Dititipkan, Seorang Balita Diduga Dicabuli Pamannya
AMBONEWS.COM, Bengkulu Tengah - DA (2,5) diduga menjadi korban pencabulan yabg dilakukan oleh pamannya sendiri saat dititipkan oleh orang tuanya yang pergi menderes karet di kebunnya di Desa Keroya Kecamatan Pagar Jati Kabupaten Bengkulu Tengah.
Ibu dari Balita ini diketahui sudah tiga bulan menitipkan anaknya kepada pamannya AS (15) dikarenakan ibu korban menderes karet di kebunnya.
Awal diketahui balita ini diduga menjadi korban pencabulan, pada Sabtu siang (4/1) dua rekan korban yakni Redi dan Yemi datang ke rumah dengan maksud untuk menemui Ibu korban, namun tidak ada di rumah.

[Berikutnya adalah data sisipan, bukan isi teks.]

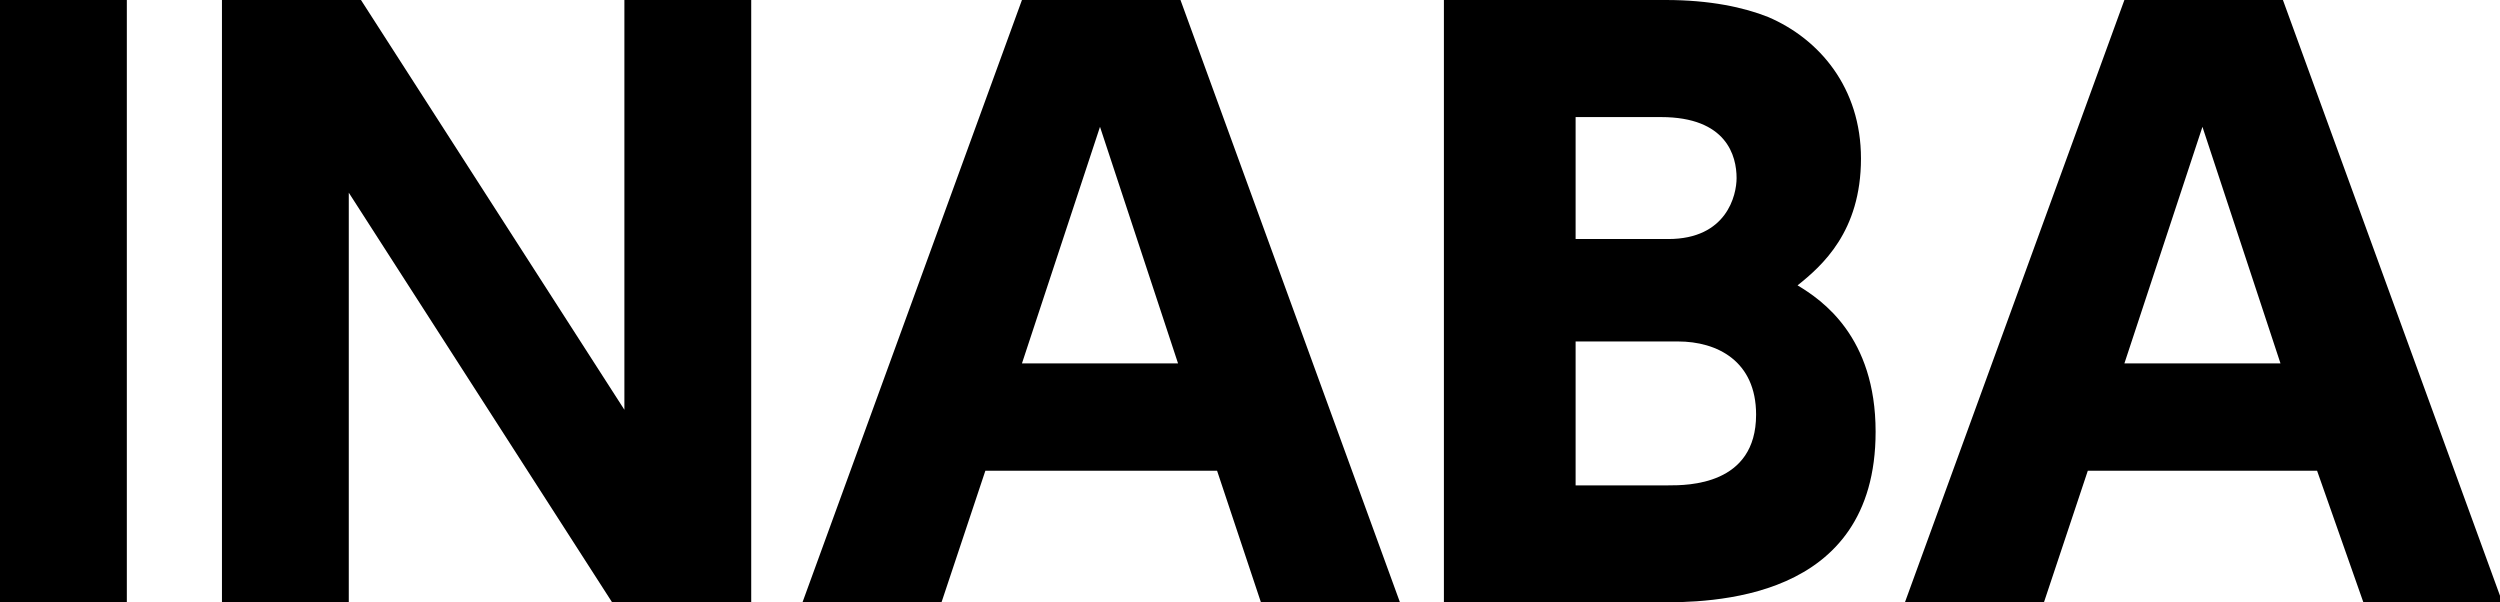 <?xml version="1.0" encoding="utf-8"?>
<!-- Generator: Adobe Illustrator 26.5.0, SVG Export Plug-In . SVG Version: 6.00 Build 0)  -->
<svg version="1.1" id="_レイヤー_1" xmlns="http://www.w3.org/2000/svg" xmlns:xlink="http://www.w3.org/1999/xlink" x="0px"
	 y="0px" viewBox="0 0 102.5 24.7" style="enable-background:new 0 0 102.5 24.7;" xml:space="preserve">
<path d="M5.2,0v24.7H0V0H5.2z"/>
<path d="M14.8,0l10.8,16.8V0h5.2v24.7h-5.7L14.3,7.9v16.8H9.1V0H14.8L14.8,0z"/>
<path d="M40.4,19.3l-1.8,5.4h-5.7l9-24.7h6.5l9,24.7h-5.7l-1.8-5.4L40.4,19.3L40.4,19.3z M48.3,14.9l-3.2-9.7l-3.2,9.7H48.3
	L48.3,14.9z"/>
<path d="M68.3,0c1.8,0,3.2,0.3,4.2,0.7c2.1,0.9,3.8,2.9,3.8,5.8c0,3-1.6,4.4-2.6,5.2c1,0.6,3.2,2.1,3.2,6c0,7-6.8,7-9,7h-8.7V0H68.3
	z M64.6,4.8v5h3.8c2.4,0,2.8-1.8,2.8-2.5c0-0.9-0.4-2.5-3.1-2.5L64.6,4.8L64.6,4.8z M64.6,14v5.9h3.8c0.8,0,3.6,0,3.6-2.9
	c0-2.2-1.6-3-3.2-3L64.6,14L64.6,14z"/>
<path d="M85.6,19.3l-1.8,5.4h-5.7l9-24.7h6.5l9,24.7h-5.7L95,19.3C95,19.3,85.6,19.3,85.6,19.3z M93.5,14.9l-3.2-9.7l-3.2,9.7H93.5
	L93.5,14.9z"/>
</svg>

Kemudian, saat masuk kedalam rumah dan menanyakan keberadaan Ibu korban, mereka melihat DA terbaring di ruang tamu dengan keadaan sesak nafas serta tangan dan kaki gemetar.
Lalu keduanya memanggil AS untuk menanyakan mengapa DA seperti itu, dan AS pun menjawab bahwa DA sedang sakit, Yeni pun menyuruh AS untuk menghubungi Ibu DA agar DA dibawa ke Puskesmas untuk diperiksa.
Sesampainya di Puskesmas Pagar Jati, DA langsung diperiksa oleh petugas kesehatan, namun petugas kesehatan enggan menjelaskan kepada Ibu korban.
Akan tetapi, petugas Puskesmas meminta Kepala Desa Keroya untuk datang ke Puskesmas dan dijelaskan bahwa DA tidak bisa dirawat di Puskesmas tersebut, melainkan harus dirujuk ke Rumah Sakit lantaran DA diduga kuat menjadi korban pencabulan.
Akibatnya, korban tidak sadarkan diri dan terdapat luka lebam disebelah kiri serta kemaluan korban mengalami bengkak.
Akhirnya, keluarga korban melaporkan kejadian ini ke pihak kepolisian, korban dibawa ke Rumah Sakit Bhayangkara Bengkulu dan sempat dirawat kurang lebih 24 jam, hingga akhirnya korban dikabarkan meninggal dunia. (Nay)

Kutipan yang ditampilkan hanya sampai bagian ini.